(Collected data entries)
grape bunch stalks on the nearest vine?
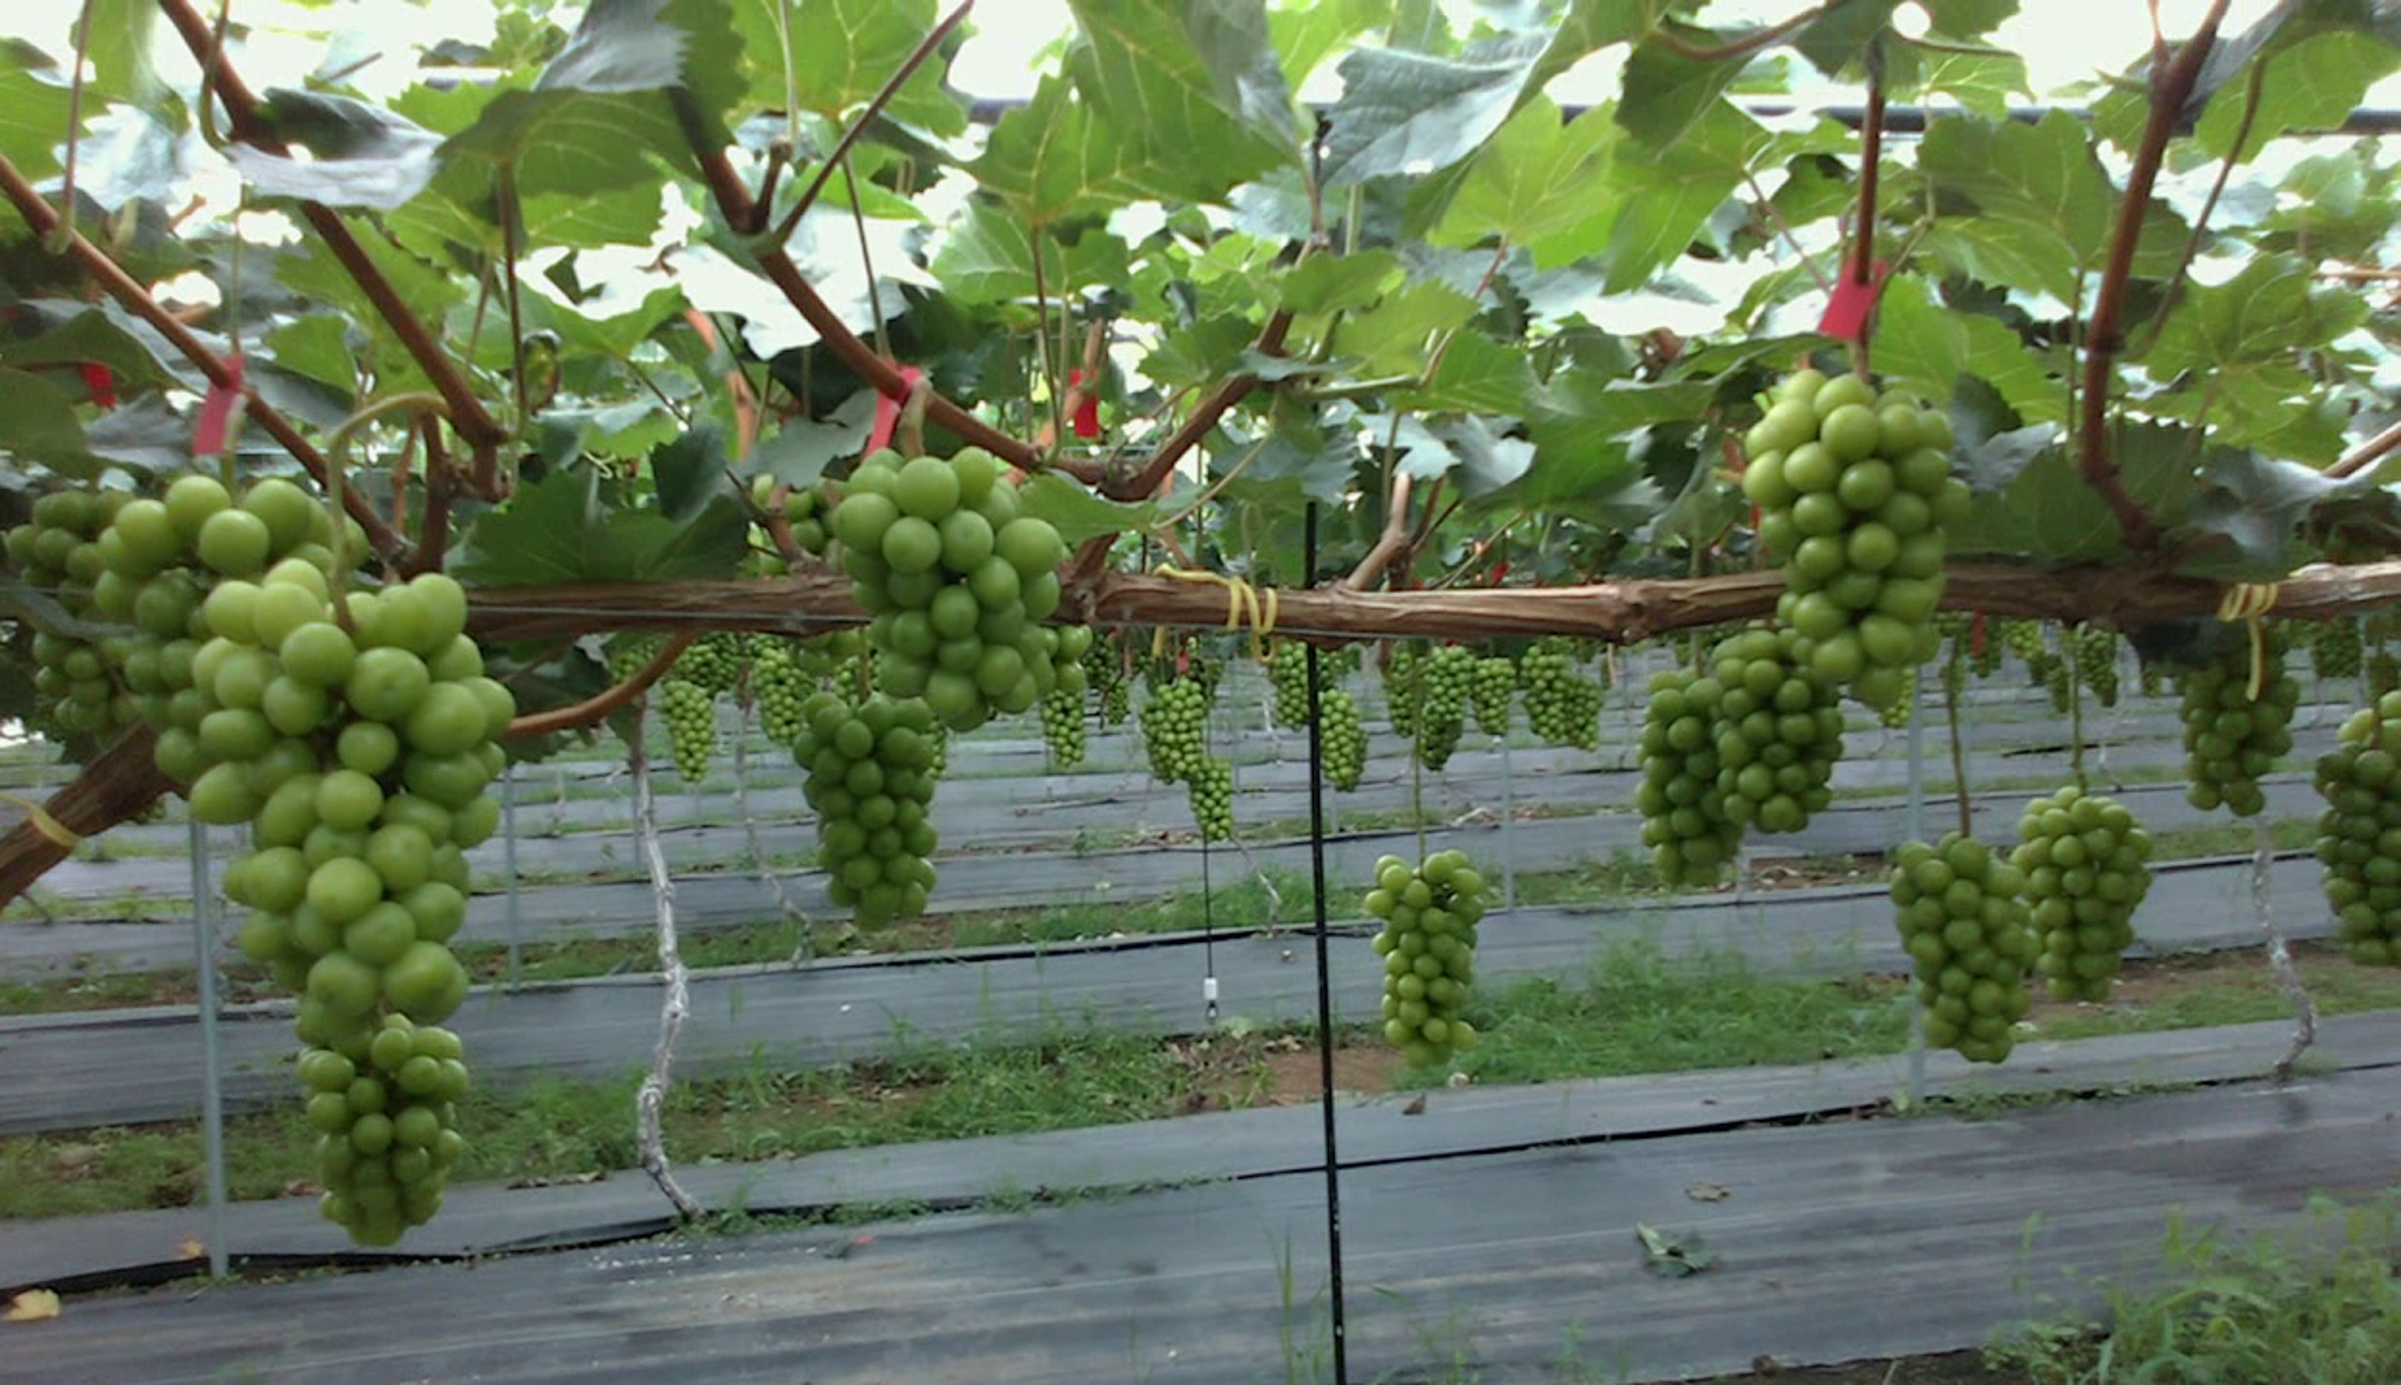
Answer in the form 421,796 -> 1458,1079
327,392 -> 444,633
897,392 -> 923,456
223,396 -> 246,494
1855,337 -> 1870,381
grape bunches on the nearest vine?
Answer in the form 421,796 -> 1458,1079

PROBLEM DESCRIPTION: Search the data for "grape". Copy each line that has it.

EXERCISE ANSWER:
grape bunch stalks on the nearest vine?
grape bunches on the nearest vine?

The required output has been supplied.